**Task prompt:**
Report only how many lines of the records contain the word "points".

**Records for this exercise:**
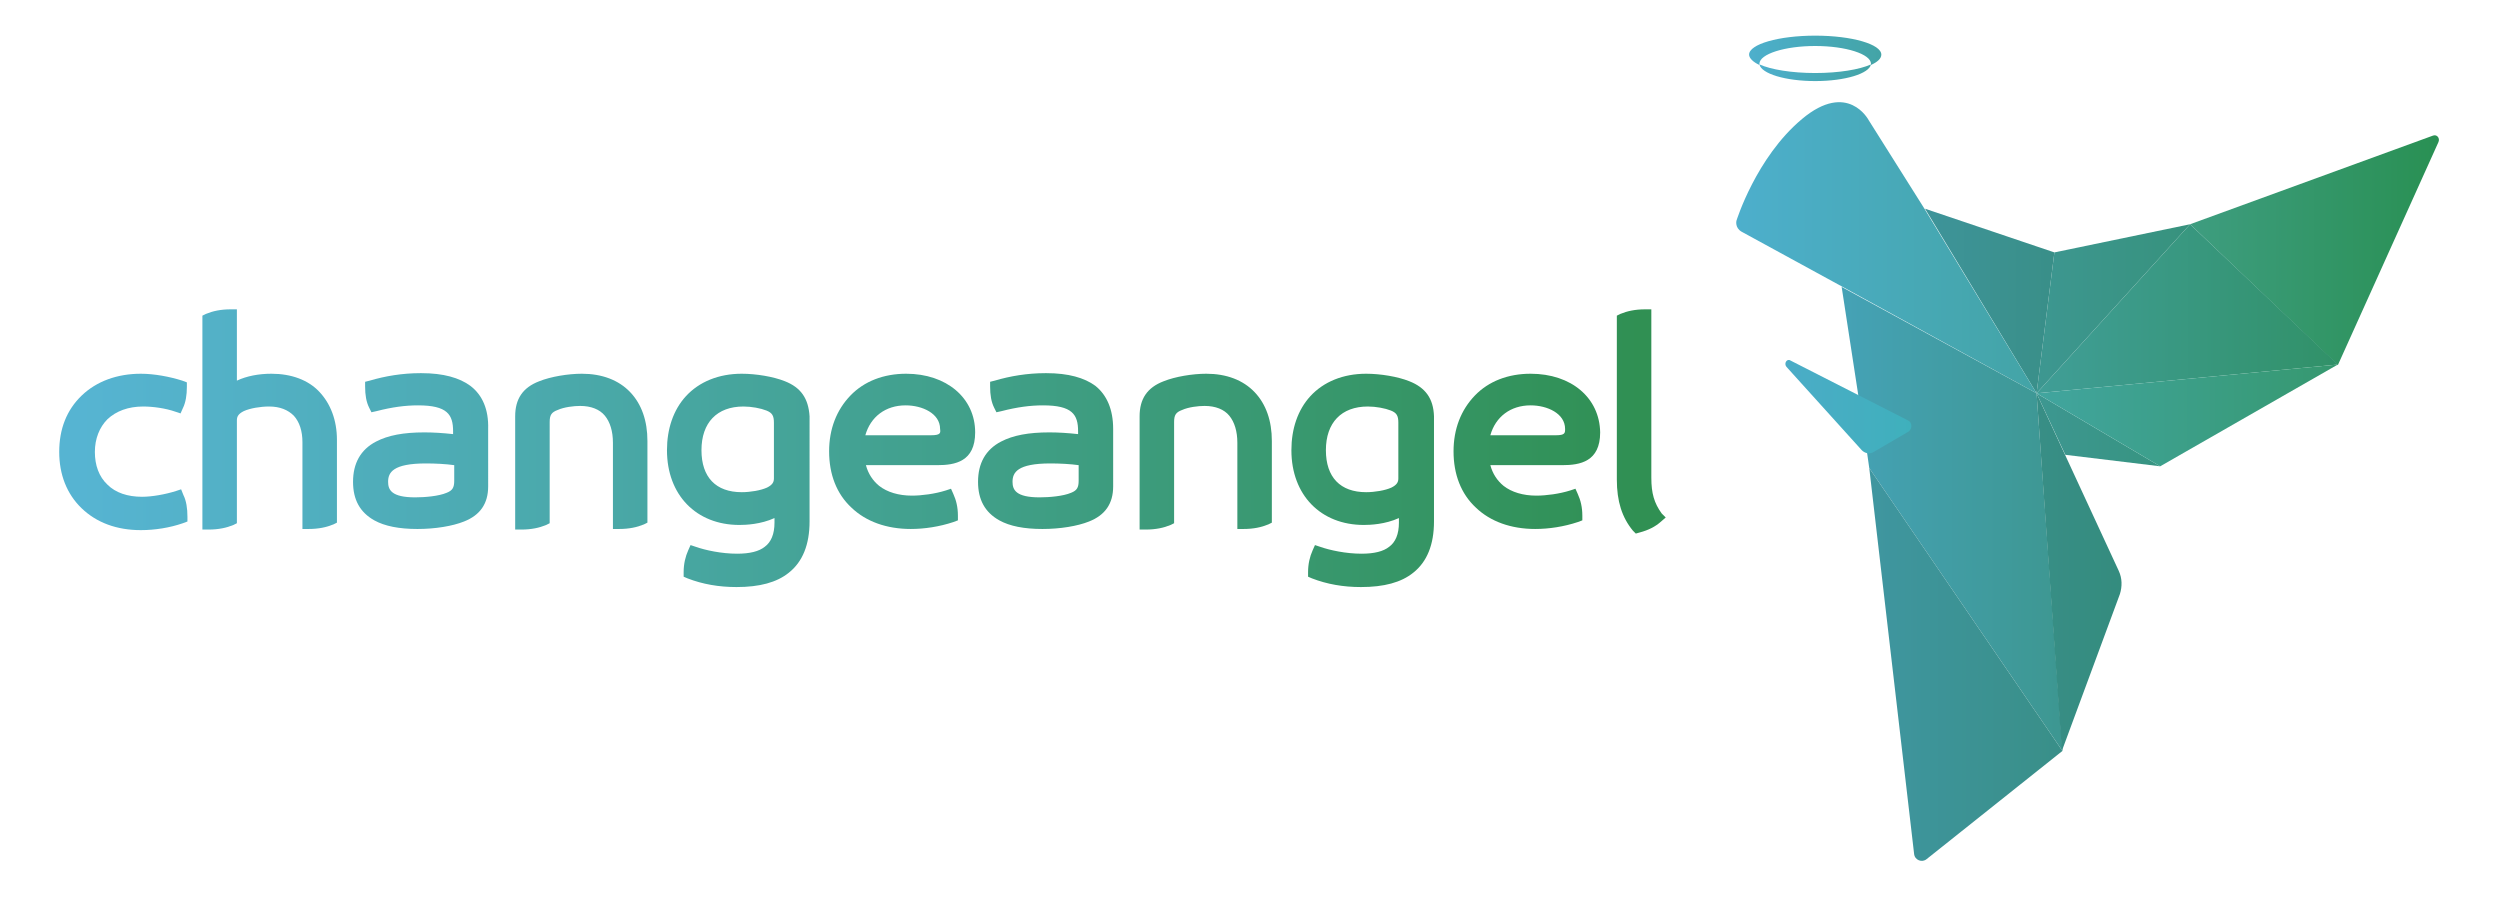 <?xml version="1.0" encoding="utf-8"?>
<!-- Generator: Adobe Illustrator 25.2.0, SVG Export Plug-In . SVG Version: 6.00 Build 0)  -->
<svg version="1.1" id="Ebene_1" xmlns="http://www.w3.org/2000/svg" xmlns:xlink="http://www.w3.org/1999/xlink" x="0px" y="0px"
	 viewBox="0 0 434.8 156.2" style="enable-background:new 0 0 434.8 156.2;" xml:space="preserve">
<style type="text/css">
	.st0{fill:url(#SVGID_1_);}
	.st1{fill:url(#SVGID_2_);}
	.st2{fill:url(#SVGID_3_);}
	.st3{fill:url(#SVGID_4_);}
	.st4{fill:url(#SVGID_5_);}
	.st5{fill:url(#SVGID_6_);}
	.st6{fill:url(#SVGID_7_);}
	.st7{fill:url(#SVGID_8_);}
	.st8{fill:url(#SVGID_9_);}
	.st9{fill:url(#SVGID_10_);}
	.st10{fill:url(#SVGID_11_);}
	.st11{fill:url(#SVGID_12_);}
	.st12{fill:url(#SVGID_13_);}
	.st13{fill:url(#SVGID_14_);}
	.st14{fill:url(#SVGID_15_);}
	.st15{fill:url(#SVGID_16_);}
	.st16{fill:url(#SVGID_17_);}
	.st17{fill:url(#SVGID_18_);}
	.st18{fill:url(#SVGID_19_);}
	.st19{fill:url(#SVGID_20_);}
	.st20{fill:url(#SVGID_21_);}
	.st21{fill:url(#SVGID_22_);}
	.st22{fill:url(#SVGID_23_);}
	.st23{fill:url(#SVGID_24_);}
</style>
<g>
	<linearGradient id="SVGID_1_" gradientUnits="userSpaceOnUse" x1="14.123" y1="78.514" x2="285.329" y2="78.514">
		<stop  offset="0" style="stop-color:#56B4D2"/>
		<stop  offset="1" style="stop-color:#309053"/>
	</linearGradient>
	<path class="st0" d="M31.5,85.1l-0.9,0.3c-1.9,0.6-4.2,1-5.9,1c-2.5,0-4.6-0.7-6-2.1c-1.5-1.4-2.2-3.4-2.2-5.7
		c0-2.3,0.8-4.3,2.2-5.7c1.5-1.4,3.6-2.2,6.2-2.2c1.7,0,3.9,0.3,5.6,0.9l0.9,0.3l0.4-0.9c0.5-1,0.7-2.3,0.7-3.7v-0.8l-0.8-0.3
		c-2.2-0.7-4.9-1.2-7.2-1.2c-4.1,0-7.7,1.3-10.3,3.8c-2.6,2.5-3.9,5.8-3.9,9.8c0,3.9,1.3,7.3,3.9,9.8c2.6,2.5,6.1,3.8,10.3,3.8
		c2.4,0,5-0.4,7.3-1.2l0.8-0.3v-0.8c0-1.5-0.2-2.8-0.7-3.8L31.5,85.1z"/>
	<linearGradient id="SVGID_2_" gradientUnits="userSpaceOnUse" x1="14.123" y1="72.907" x2="285.329" y2="72.907">
		<stop  offset="0" style="stop-color:#56B4D2"/>
		<stop  offset="1" style="stop-color:#309053"/>
	</linearGradient>
	<path class="st1" d="M47.2,65c-2.2,0-4.3,0.4-6,1.2V53.8h-1.1c-1.7,0-3.1,0.3-4.3,0.8l-0.6,0.3v37.2h1.1c1.7,0,3.1-0.3,4.3-0.8
		l0.6-0.3V73.1c0-0.6,0.2-1.1,1.2-1.6c1.1-0.5,2.9-0.8,4.4-0.8c1.9,0,3.3,0.6,4.3,1.6c1,1.1,1.5,2.7,1.5,4.6v15.1h1.1
		c1.7,0,3.1-0.3,4.3-0.8l0.6-0.3V76.5c0-3.4-1.1-6.3-3.1-8.4C53.6,66.1,50.7,65,47.2,65z"/>
	<linearGradient id="SVGID_3_" gradientUnits="userSpaceOnUse" x1="14.123" y1="78.514" x2="285.329" y2="78.514">
		<stop  offset="0" style="stop-color:#56B4D2"/>
		<stop  offset="1" style="stop-color:#309053"/>
	</linearGradient>
	<path class="st2" d="M81.8,67.1c-1.9-1.4-4.7-2.2-8.5-2.2l-0.2,0c-3.1,0-6.1,0.5-8.8,1.3l-0.8,0.2v0.8c0,1.5,0.2,2.7,0.7,3.7
		l0.4,0.8l0.9-0.2c2.7-0.7,5-1,7.2-1c5.1,0,6.1,1.6,6.1,4.5v0.5c-1.8-0.2-3.5-0.3-5-0.3c-3.6,0-6.3,0.5-8.4,1.6c-2.7,1.4-4,3.8-4,7
		c0,3.1,1.2,5.3,3.7,6.7c1.8,1,4.3,1.5,7.5,1.5c3.1,0,6.1-0.5,8.1-1.3c2.8-1.1,4.2-3.1,4.2-6.1V74.6C85,71.2,83.9,68.7,81.8,67.1z
		 M79,83.6c0,1.2-0.3,1.7-1.3,2.1c-1.4,0.6-3.8,0.8-5.5,0.8c-4.1,0-4.7-1.3-4.7-2.7c0-1.6,0.8-3.2,6.6-3.2c1.6,0,3.5,0.1,4.9,0.3
		V83.6z"/>
	<linearGradient id="SVGID_4_" gradientUnits="userSpaceOnUse" x1="14.123" y1="78.514" x2="285.329" y2="78.514">
		<stop  offset="0" style="stop-color:#56B4D2"/>
		<stop  offset="1" style="stop-color:#309053"/>
	</linearGradient>
	<path class="st3" d="M101.2,65c-2.4,0-5.4,0.5-7.4,1.3c-2.9,1.1-4.2,3.1-4.2,6.1v19.7h1.1c1.7,0,3.1-0.3,4.3-0.8l0.6-0.3V73.4
		c0-1.2,0.3-1.7,1.4-2.1c1.1-0.5,2.8-0.7,3.9-0.7c1.9,0,3.4,0.6,4.3,1.7c0.9,1.1,1.4,2.7,1.4,4.7v15h1.1c1.7,0,3.1-0.3,4.3-0.8
		l0.6-0.3V76.7c0-3.5-1-6.4-3-8.5C107.6,66.1,104.7,65,101.2,65z"/>
	<linearGradient id="SVGID_5_" gradientUnits="userSpaceOnUse" x1="14.123" y1="83.543" x2="285.329" y2="83.543">
		<stop  offset="0" style="stop-color:#56B4D2"/>
		<stop  offset="1" style="stop-color:#309053"/>
	</linearGradient>
	<path class="st4" d="M136.5,66.3c-2-0.8-5-1.3-7.5-1.3c-4,0-7.4,1.4-9.7,3.9c-2.2,2.4-3.3,5.7-3.3,9.4c0,7.8,5.1,13,12.6,13
		c1.1,0,3.7-0.1,6.1-1.2v0.8c0,2-0.6,3.4-1.7,4.2c-1,0.8-2.6,1.2-4.8,1.2c-2.7,0-5.5-0.6-7.2-1.2l-0.9-0.3l-0.4,0.9
		c-0.5,1.1-0.8,2.4-0.8,3.8v0.8l0.7,0.3c2.6,1,5.4,1.5,8.5,1.5c4,0,7-0.8,9.1-2.5c2.4-1.9,3.6-4.9,3.6-8.9V72.4
		C140.6,69.3,139.3,67.4,136.5,66.3z M134.6,83.2c0,0.6-0.2,1.1-1.2,1.6c-1.1,0.5-2.9,0.8-4.4,0.8c-4.5,0-7-2.6-7-7.3
		c0-4.8,2.7-7.6,7.3-7.6c1.4,0,3,0.3,4,0.7c1,0.4,1.3,0.9,1.3,2.1V83.2z"/>
	<linearGradient id="SVGID_6_" gradientUnits="userSpaceOnUse" x1="14.123" y1="78.514" x2="285.329" y2="78.514">
		<stop  offset="0" style="stop-color:#56B4D2"/>
		<stop  offset="1" style="stop-color:#309053"/>
	</linearGradient>
	<path class="st5" d="M157.6,65c-3.9,0-7.3,1.3-9.7,3.8c-2.4,2.5-3.7,5.8-3.7,9.7c0,4,1.3,7.4,3.9,9.8c2.5,2.4,6.1,3.7,10.3,3.7
		c2.4,0,5-0.4,7.4-1.2l0.8-0.3v-0.8c0-1.5-0.3-2.7-0.8-3.8l-0.4-0.9l-0.9,0.3c-1.9,0.6-4.2,0.9-5.9,0.9c-2.3,0-4.3-0.6-5.7-1.7
		c-1.1-0.9-1.9-2.1-2.3-3.6H163c3.1,0,6.6-0.6,6.6-5.7C169.6,69.2,164.6,65,157.6,65z M161.9,75.7h-11.4c0.9-3.2,3.5-5.2,7-5.2
		c2.9,0,6,1.4,6,4.1C163.6,75.3,163.6,75.7,161.9,75.7z"/>
	<linearGradient id="SVGID_7_" gradientUnits="userSpaceOnUse" x1="14.123" y1="78.514" x2="285.329" y2="78.514">
		<stop  offset="0" style="stop-color:#56B4D2"/>
		<stop  offset="1" style="stop-color:#309053"/>
	</linearGradient>
	<path class="st6" d="M190.5,67.1c-1.9-1.4-4.7-2.2-8.5-2.2l-0.2,0c-3.1,0-6.1,0.5-8.8,1.3l-0.8,0.2v0.8c0,1.5,0.2,2.7,0.7,3.7
		l0.4,0.8l0.9-0.2c2.7-0.7,5-1,7.2-1c5.1,0,6.1,1.6,6.1,4.5v0.5c-1.8-0.2-3.5-0.3-5-0.3c-3.6,0-6.3,0.5-8.4,1.6c-2.7,1.4-4,3.8-4,7
		c0,3.1,1.2,5.3,3.7,6.7c1.8,1,4.3,1.5,7.5,1.5c3.1,0,6.1-0.5,8.1-1.3c2.8-1.1,4.2-3.1,4.2-6.1V74.6
		C193.6,71.2,192.5,68.7,190.5,67.1z M187.6,83.6c0,1.2-0.3,1.7-1.3,2.1c-1.4,0.6-3.8,0.8-5.5,0.8c-4.1,0-4.7-1.3-4.7-2.7
		c0-1.6,0.8-3.2,6.6-3.2c1.6,0,3.5,0.1,4.9,0.3V83.6z"/>
	<linearGradient id="SVGID_8_" gradientUnits="userSpaceOnUse" x1="14.123" y1="78.514" x2="285.329" y2="78.514">
		<stop  offset="0" style="stop-color:#56B4D2"/>
		<stop  offset="1" style="stop-color:#309053"/>
	</linearGradient>
	<path class="st7" d="M209.8,65c-2.4,0-5.4,0.5-7.4,1.3c-2.9,1.1-4.2,3.1-4.2,6.1v19.7h1.1c1.7,0,3.1-0.3,4.3-0.8l0.6-0.3V73.4
		c0-1.2,0.3-1.7,1.4-2.1c1.1-0.5,2.8-0.7,3.9-0.7c1.9,0,3.4,0.6,4.3,1.7c0.9,1.1,1.4,2.7,1.4,4.7v15h1.1c1.7,0,3.1-0.3,4.3-0.8
		l0.6-0.3V76.7c0-3.5-1-6.4-3-8.5C216.2,66.1,213.3,65,209.8,65z"/>
	<linearGradient id="SVGID_9_" gradientUnits="userSpaceOnUse" x1="14.123" y1="83.543" x2="285.329" y2="83.543">
		<stop  offset="0" style="stop-color:#56B4D2"/>
		<stop  offset="1" style="stop-color:#309053"/>
	</linearGradient>
	<path class="st8" d="M245.1,66.3c-2-0.8-5-1.3-7.5-1.3c-4,0-7.4,1.4-9.7,3.9c-2.2,2.4-3.3,5.7-3.3,9.4c0,7.8,5.1,13,12.6,13
		c1.1,0,3.7-0.1,6.1-1.2v0.8c0,2-0.6,3.4-1.7,4.2c-1,0.8-2.6,1.2-4.8,1.2c-2.7,0-5.5-0.6-7.2-1.2l-0.9-0.3l-0.4,0.9
		c-0.5,1.1-0.8,2.4-0.8,3.8v0.8l0.7,0.3c2.6,1,5.4,1.5,8.5,1.5c4,0,7-0.8,9.1-2.5c2.4-1.9,3.6-4.9,3.6-8.9V72.4
		C249.3,69.3,247.9,67.4,245.1,66.3z M243.2,83.2c0,0.6-0.2,1.1-1.2,1.6c-1.1,0.5-2.9,0.8-4.4,0.8c-4.5,0-7-2.6-7-7.3
		c0-4.8,2.7-7.6,7.3-7.6c1.4,0,3,0.3,4,0.7c1,0.4,1.3,0.9,1.3,2.1V83.2z"/>
	<linearGradient id="SVGID_10_" gradientUnits="userSpaceOnUse" x1="14.123" y1="78.514" x2="285.329" y2="78.514">
		<stop  offset="0" style="stop-color:#56B4D2"/>
		<stop  offset="1" style="stop-color:#309053"/>
	</linearGradient>
	<path class="st9" d="M266.2,65c-3.9,0-7.3,1.3-9.7,3.8c-2.4,2.5-3.7,5.8-3.7,9.7c0,4,1.3,7.4,3.9,9.8c2.5,2.4,6.1,3.7,10.3,3.7
		c2.4,0,5-0.4,7.4-1.2l0.8-0.3v-0.8c0-1.5-0.3-2.7-0.8-3.8l-0.4-0.9l-0.9,0.3c-1.9,0.6-4.2,0.9-5.9,0.9c-2.3,0-4.3-0.6-5.7-1.7
		c-1.1-0.9-1.9-2.1-2.3-3.6h12.5c3.1,0,6.6-0.6,6.6-5.7C278.2,69.2,273.3,65,266.2,65z M270.6,75.7h-11.4c0.9-3.2,3.5-5.2,7-5.2
		c2.9,0,6,1.4,6,4.1C272.2,75.3,272.2,75.7,270.6,75.7z"/>
	<linearGradient id="SVGID_11_" gradientUnits="userSpaceOnUse" x1="14.123" y1="73.295" x2="285.329" y2="73.295">
		<stop  offset="0" style="stop-color:#56B4D2"/>
		<stop  offset="1" style="stop-color:#309053"/>
	</linearGradient>
	<path class="st10" d="M289,89.3c-1.3-1.8-1.8-3.5-1.8-6.2V53.8h-1.1c-1.7,0-3.1,0.3-4.3,0.8l-0.6,0.3v28.5c0,3.8,0.9,6.6,2.8,8.9
		l0.5,0.5l0.7-0.2c1.5-0.4,2.7-1,3.7-1.9l0.8-0.7L289,89.3z"/>
</g>
<g>
	<linearGradient id="SVGID_12_" gradientUnits="userSpaceOnUse" x1="380.856" y1="43.458" x2="424.149" y2="43.458">
		<stop  offset="0" style="stop-color:#3E9D80"/>
		<stop  offset="1" style="stop-color:#299053"/>
	</linearGradient>
	<path class="st11" d="M380.9,39l25.7,24.5l17.5-38.8c0.3-0.7-0.3-1.4-1-1.1L380.9,39z"/>
	<linearGradient id="SVGID_13_" gradientUnits="userSpaceOnUse" x1="354.243" y1="53.667" x2="406.575" y2="53.667">
		<stop  offset="2.290576e-03" style="stop-color:#409E97"/>
		<stop  offset="1" style="stop-color:#319168"/>
	</linearGradient>
	<polygon class="st12" points="354.2,68.4 380.9,39 406.6,63.4 	"/>
	<linearGradient id="SVGID_14_" gradientUnits="userSpaceOnUse" x1="354.243" y1="53.667" x2="380.856" y2="53.667">
		<stop  offset="0" style="stop-color:#3D9791"/>
		<stop  offset="1" style="stop-color:#37927D"/>
	</linearGradient>
	<polygon class="st13" points="380.9,39 357.3,43.9 354.2,68.4 	"/>
	<linearGradient id="SVGID_15_" gradientUnits="userSpaceOnUse" x1="334.783" y1="52.326" x2="357.293" y2="52.326">
		<stop  offset="0" style="stop-color:#3E949A"/>
		<stop  offset="1" style="stop-color:#398F88"/>
	</linearGradient>
	<polygon class="st14" points="357.3,43.9 334.8,36.3 354.2,68.4 	"/>
	<linearGradient id="SVGID_16_" gradientUnits="userSpaceOnUse" x1="302.026" y1="43.073" x2="354.243" y2="43.073">
		<stop  offset="0" style="stop-color:#4DAFCC"/>
		<stop  offset="1" style="stop-color:#43A4A6"/>
	</linearGradient>
	<path class="st15" d="M354.2,68.4l-19.5-32.1L325,20.9c0,0-3.6-6.9-11.6-0.2s-11.4,17.7-11.4,17.7s-0.3,1.2,0.9,1.9l17.4,9.5
		L354.2,68.4z"/>
	<linearGradient id="SVGID_17_" gradientUnits="userSpaceOnUse" x1="320.345" y1="90.208" x2="358.687" y2="90.208">
		<stop  offset="2.546460e-07" style="stop-color:#45A2B6"/>
		<stop  offset="1" style="stop-color:#3D9791"/>
	</linearGradient>
	<polygon class="st16" points="354.2,68.4 320.3,49.9 324.6,77.9 325.1,81.4 358.7,130.6 	"/>
	<linearGradient id="SVGID_18_" gradientUnits="userSpaceOnUse" x1="354.243" y1="99.465" x2="369.067" y2="99.465">
		<stop  offset="0" style="stop-color:#388E86"/>
		<stop  offset="1" style="stop-color:#348C7E"/>
	</linearGradient>
	<path class="st17" d="M354.2,68.4l5,10.8l9.3,20.1c0.6,1.3,0.6,2.7,0.2,4l-10.1,27.3L354.2,68.4z"/>
	<linearGradient id="SVGID_19_" gradientUnits="userSpaceOnUse" x1="325.079" y1="115.549" x2="358.687" y2="115.549">
		<stop  offset="0" style="stop-color:#3F96A0"/>
		<stop  offset="1" style="stop-color:#398F88"/>
	</linearGradient>
	<path class="st18" d="M358.7,130.6l-23.6,18.8c-0.8,0.7-2.1,0.2-2.2-0.9l-7.8-67.1L358.7,130.6z"/>
	<linearGradient id="SVGID_20_" gradientUnits="userSpaceOnUse" x1="354.243" y1="74.732" x2="375.728" y2="74.732">
		<stop  offset="0" style="stop-color:#3D9791"/>
		<stop  offset="1" style="stop-color:#379481"/>
	</linearGradient>
	<polygon class="st19" points="354.2,68.4 375.7,81.1 359.2,79.1 	"/>
	<linearGradient id="SVGID_21_" gradientUnits="userSpaceOnUse" x1="354.243" y1="72.26" x2="406.575" y2="72.26">
		<stop  offset="0" style="stop-color:#41A59F"/>
		<stop  offset="1" style="stop-color:#36986F"/>
	</linearGradient>
	<polygon class="st20" points="354.2,68.4 406.6,63.4 375.7,81.1 	"/>
	<linearGradient id="SVGID_22_" gradientUnits="userSpaceOnUse" x1="310.484" y1="70.666" x2="332.421" y2="70.666">
		<stop  offset="0" style="stop-color:#4BACC7"/>
		<stop  offset="1" style="stop-color:#3FB0BC"/>
	</linearGradient>
	<path class="st21" d="M311.4,62.7l20.4,10.4c0.9,0.4,0.8,1.7-0.1,2.1l-6,3.5c-0.7,0.3-1.4,0.1-1.9-0.4l-13.1-14.5
		C310.2,63.2,310.8,62.3,311.4,62.7z"/>
	<g>
		<linearGradient id="SVGID_23_" gradientUnits="userSpaceOnUse" x1="304.193" y1="8.707" x2="327.24" y2="8.707">
			<stop  offset="0" style="stop-color:#4DAFCC"/>
			<stop  offset="1" style="stop-color:#43A4A6"/>
		</linearGradient>
		<path class="st22" d="M315.7,6.2c-6.4,0-11.5,1.5-11.5,3.3c0,0.6,0.7,1.3,1.8,1.8c0-0.1,0-0.1,0-0.2c0-1.7,4.4-3.1,9.7-3.1
			s9.7,1.4,9.7,3.1c0,0.1,0,0.1,0,0.2c1.1-0.5,1.8-1.1,1.8-1.8C327.2,7.7,322.1,6.2,315.7,6.2z"/>
		<linearGradient id="SVGID_24_" gradientUnits="userSpaceOnUse" x1="306.002" y1="12.661" x2="325.432" y2="12.661">
			<stop  offset="0" style="stop-color:#4DAFCC"/>
			<stop  offset="1" style="stop-color:#43A4A6"/>
		</linearGradient>
		<path class="st23" d="M306,11.2c0.3,1.6,4.5,2.9,9.7,2.9s9.4-1.3,9.7-2.9c-2,0.9-5.6,1.5-9.7,1.5C311.6,12.7,308,12.1,306,11.2z"
			/>
	</g>
</g>
</svg>

**Solution:**
6